PROMPT
Drop the pictures and repeat the remaining data exactly.

RECORDS PROVIDED section start

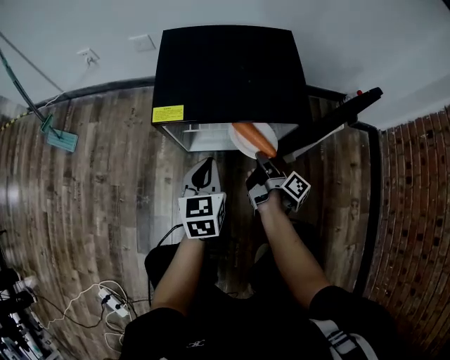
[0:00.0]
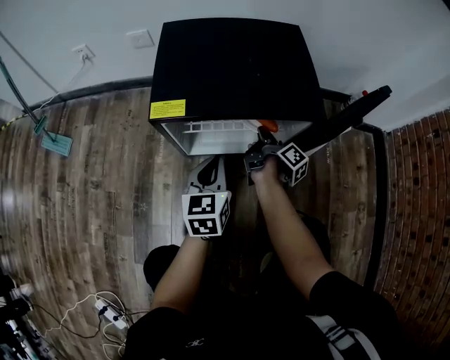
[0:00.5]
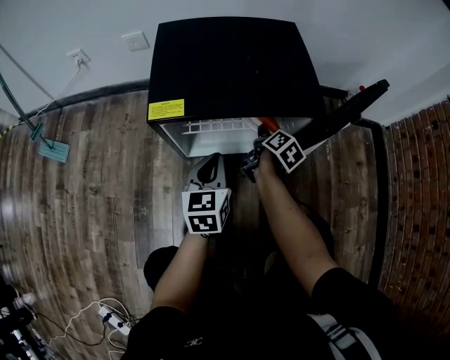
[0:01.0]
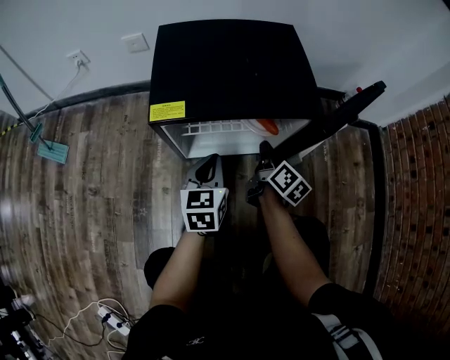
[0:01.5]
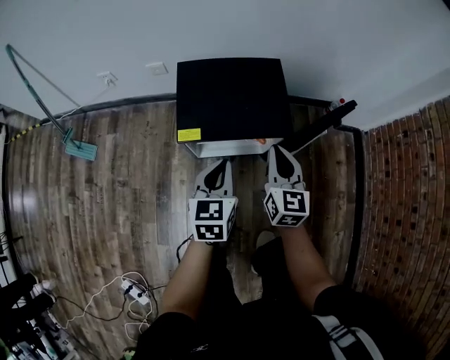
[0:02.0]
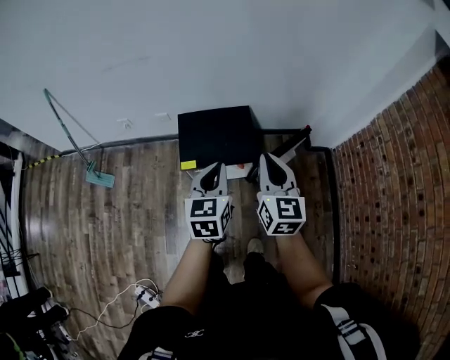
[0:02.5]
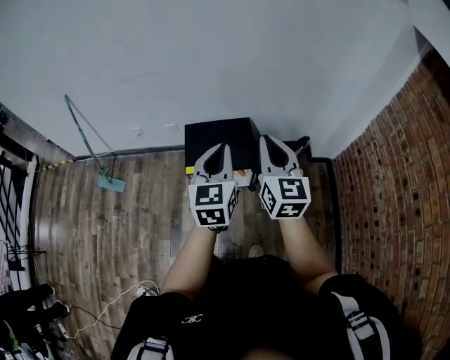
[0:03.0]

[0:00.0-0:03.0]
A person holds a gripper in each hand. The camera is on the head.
0:00.0 to 0:01.5: The left gripper heads downward, covering some 5 cm.
0:01.5 to 0:03.0: The left gripper heads upward, covering roughly 70 cm.

RECORDS PROVIDED section end

ANSWER BOX
[0:00.0]
[0:00.5]
[0:01.0]
[0:01.5]
[0:02.0]
[0:02.5]
[0:03.0]

[0:00.0-0:03.0]
A person holds a gripper in each hand. The camera is on the head.
0:00.0 to 0:01.5: The left gripper heads downward, covering some 5 cm.
0:01.5 to 0:03.0: The left gripper heads upward, covering roughly 70 cm.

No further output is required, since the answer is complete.